In the warm days of summer, many artists will kick off the dust from their pochade boxes or French easels and take in the great outdoors by painting en plein air.

But what exactly is plein air painting and when did it come to be?

To put it formally, plein air painting is the act of painting outdoors. The primary focus of plein air painting is to paint in a more natural environment as opposed to a studio and really capture the raw atmosphere outdoors.

Plein air painting itself was largely popularized in the mid 1800s with the Impressionist movement

…but likely not the reason that you may think.

Sure, artists like Monet got outside and did countless paintings of haystacks and Rouen Cathedral while this Impressionist movement was counter to formal studio painting that preceded it…

…but one of the big reasons artists could go outdoors was the paint itself.

Prior to the 1800s, paint was a lot different than it is today.

Instead of being housed in a metal tube, paint had to be made by the artists themselves.

This not only meant that they would have to find the natural pigment and grind it to a bloody pulp, but they would also have to mix in binders that would help to carry the paint.

What did this mean for the artist?

It was immensely time consuming and would require an enormous amount of prep work before they could start to paint (we are really spoiled as artists nowadays).

But what made matters worse was that after doing all this prep work to make the paint themselves, it would inevitably dry out!

Could you imagine!

All that work invested into the paint making process only to be sitting there with a dried-out palette if you didn’t finish the painting within the next day or two.

Needless to say, when paint began to be sold in tubes, it was a massive win for artists everywhere.

No longer did they have to worry about grinding the pigment, instead they had time for more important things, like making art.

But the paint tube also gave artists portability.

With the ability to pack all the paints in a bag or French easel, they could immediately go outdoors with the sunrise, set up their studio, and begin painting.

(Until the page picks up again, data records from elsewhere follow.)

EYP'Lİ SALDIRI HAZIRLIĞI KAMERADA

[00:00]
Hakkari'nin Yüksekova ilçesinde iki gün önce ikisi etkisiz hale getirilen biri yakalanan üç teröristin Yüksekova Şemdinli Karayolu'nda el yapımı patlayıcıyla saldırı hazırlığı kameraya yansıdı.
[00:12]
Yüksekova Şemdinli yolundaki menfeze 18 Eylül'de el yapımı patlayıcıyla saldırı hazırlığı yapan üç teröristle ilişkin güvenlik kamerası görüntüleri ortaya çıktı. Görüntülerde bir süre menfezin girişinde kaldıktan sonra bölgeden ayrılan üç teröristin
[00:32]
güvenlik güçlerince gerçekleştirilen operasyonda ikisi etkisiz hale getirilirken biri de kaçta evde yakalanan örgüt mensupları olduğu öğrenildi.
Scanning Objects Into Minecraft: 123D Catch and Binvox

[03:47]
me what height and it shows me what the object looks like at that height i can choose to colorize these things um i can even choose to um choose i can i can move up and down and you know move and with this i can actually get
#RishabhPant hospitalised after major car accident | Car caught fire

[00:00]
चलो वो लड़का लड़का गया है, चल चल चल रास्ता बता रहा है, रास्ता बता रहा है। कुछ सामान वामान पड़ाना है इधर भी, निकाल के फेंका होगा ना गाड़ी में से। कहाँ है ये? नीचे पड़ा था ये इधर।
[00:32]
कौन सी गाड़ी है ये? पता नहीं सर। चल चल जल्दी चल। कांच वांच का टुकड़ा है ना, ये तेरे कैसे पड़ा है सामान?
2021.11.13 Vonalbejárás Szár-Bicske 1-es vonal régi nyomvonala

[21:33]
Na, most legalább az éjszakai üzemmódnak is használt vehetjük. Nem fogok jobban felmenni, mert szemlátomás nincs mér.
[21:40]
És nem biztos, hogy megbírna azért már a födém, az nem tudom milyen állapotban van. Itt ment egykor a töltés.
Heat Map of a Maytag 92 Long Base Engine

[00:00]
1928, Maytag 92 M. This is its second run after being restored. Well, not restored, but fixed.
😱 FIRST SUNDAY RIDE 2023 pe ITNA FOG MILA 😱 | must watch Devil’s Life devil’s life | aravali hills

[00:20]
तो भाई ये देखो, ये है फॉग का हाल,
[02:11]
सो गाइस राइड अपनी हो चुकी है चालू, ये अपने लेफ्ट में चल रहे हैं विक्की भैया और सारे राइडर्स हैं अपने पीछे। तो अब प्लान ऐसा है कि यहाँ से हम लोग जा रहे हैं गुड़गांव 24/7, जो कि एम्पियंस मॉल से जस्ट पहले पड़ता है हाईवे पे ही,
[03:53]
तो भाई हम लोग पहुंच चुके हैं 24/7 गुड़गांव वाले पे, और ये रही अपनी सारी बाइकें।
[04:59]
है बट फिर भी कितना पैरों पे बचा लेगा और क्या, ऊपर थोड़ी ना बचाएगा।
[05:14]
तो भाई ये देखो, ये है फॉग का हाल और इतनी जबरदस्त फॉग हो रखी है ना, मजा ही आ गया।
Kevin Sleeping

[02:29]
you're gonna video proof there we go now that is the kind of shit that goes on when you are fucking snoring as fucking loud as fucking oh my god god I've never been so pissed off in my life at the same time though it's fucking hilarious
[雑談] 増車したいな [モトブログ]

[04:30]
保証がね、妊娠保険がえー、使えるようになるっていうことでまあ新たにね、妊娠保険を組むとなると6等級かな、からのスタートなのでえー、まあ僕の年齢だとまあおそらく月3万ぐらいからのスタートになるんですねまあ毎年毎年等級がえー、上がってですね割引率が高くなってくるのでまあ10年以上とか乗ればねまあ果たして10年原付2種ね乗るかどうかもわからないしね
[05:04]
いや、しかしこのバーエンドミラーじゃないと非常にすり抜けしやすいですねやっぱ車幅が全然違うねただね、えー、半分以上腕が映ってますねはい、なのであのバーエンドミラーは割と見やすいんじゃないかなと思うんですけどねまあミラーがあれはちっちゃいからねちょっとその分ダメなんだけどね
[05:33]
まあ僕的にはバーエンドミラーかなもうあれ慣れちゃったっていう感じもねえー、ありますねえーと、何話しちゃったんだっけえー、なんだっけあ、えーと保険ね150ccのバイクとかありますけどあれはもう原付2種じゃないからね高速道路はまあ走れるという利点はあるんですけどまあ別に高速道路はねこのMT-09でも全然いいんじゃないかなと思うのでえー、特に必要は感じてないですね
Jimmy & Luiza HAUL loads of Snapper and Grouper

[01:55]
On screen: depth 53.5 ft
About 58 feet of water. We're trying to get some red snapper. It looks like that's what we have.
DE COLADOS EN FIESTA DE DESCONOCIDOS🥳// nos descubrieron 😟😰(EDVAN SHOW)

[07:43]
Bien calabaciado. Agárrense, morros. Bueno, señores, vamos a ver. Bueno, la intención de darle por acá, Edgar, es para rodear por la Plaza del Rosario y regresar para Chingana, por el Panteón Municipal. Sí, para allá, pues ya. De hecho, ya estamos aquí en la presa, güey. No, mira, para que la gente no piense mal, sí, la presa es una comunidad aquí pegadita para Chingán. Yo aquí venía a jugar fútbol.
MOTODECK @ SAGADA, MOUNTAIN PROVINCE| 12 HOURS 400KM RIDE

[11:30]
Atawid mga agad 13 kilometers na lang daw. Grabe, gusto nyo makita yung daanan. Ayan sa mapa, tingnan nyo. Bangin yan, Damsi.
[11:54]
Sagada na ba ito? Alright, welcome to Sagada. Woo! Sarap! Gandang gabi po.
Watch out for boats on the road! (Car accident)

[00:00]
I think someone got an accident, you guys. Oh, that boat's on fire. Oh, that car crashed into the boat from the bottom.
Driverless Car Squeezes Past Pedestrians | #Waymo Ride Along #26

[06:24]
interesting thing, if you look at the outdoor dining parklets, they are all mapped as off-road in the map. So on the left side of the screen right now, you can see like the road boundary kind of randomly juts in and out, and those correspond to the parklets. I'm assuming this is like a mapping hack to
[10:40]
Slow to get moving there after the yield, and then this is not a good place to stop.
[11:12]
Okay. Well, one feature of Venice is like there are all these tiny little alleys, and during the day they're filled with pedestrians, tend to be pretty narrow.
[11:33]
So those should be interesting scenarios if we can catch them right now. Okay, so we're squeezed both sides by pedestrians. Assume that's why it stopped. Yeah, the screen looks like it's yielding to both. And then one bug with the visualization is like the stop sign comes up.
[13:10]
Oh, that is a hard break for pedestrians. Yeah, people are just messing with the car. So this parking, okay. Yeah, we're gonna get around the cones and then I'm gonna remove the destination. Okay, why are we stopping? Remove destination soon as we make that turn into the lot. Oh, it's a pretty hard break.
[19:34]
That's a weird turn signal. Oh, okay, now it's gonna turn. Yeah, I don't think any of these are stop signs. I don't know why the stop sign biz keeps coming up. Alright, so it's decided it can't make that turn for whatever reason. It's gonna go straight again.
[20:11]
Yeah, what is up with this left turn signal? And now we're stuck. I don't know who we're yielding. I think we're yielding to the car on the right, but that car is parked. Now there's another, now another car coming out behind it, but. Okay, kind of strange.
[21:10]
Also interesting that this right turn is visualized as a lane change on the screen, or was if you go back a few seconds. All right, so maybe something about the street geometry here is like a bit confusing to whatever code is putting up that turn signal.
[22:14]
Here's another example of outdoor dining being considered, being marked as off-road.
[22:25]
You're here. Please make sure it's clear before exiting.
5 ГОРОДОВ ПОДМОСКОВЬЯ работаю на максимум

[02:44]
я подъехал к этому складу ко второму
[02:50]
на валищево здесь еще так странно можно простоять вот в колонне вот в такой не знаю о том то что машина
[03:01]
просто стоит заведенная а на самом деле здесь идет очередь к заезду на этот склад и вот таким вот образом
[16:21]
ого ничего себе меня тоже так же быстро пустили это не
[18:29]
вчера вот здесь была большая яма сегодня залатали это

Why A French Easel or Pochade Box Are Plein Air Staples

french easel for plein air painting

As artists were making their ways outside of the studio, one of the key inventions at the time was also the French Easel.

Unlike traditional easels that were found in most artists’ studios, the French easel could be folded up into a compact size for easy transportation.

As evident in even the best plein air easels of today, French easels not only offered ample storage for the paints, but also for the essentials including solvents, mediums, brushes, palette knives, and even their very own palette for mixing.

While easy to forget that you are reading this post in modern times, artists of the 1800s didn’t have the convenience of an automobile to take them to their preferred location.

Instead they would have had to either hike or take a horse to remote locations so they could set up their portable studio.

This is why French easels are designed with shoulder straps or handles in order to accommodate a long walk off the beaten path.

An alternative to the French easel that is used to a much lesser extent is the pochade box.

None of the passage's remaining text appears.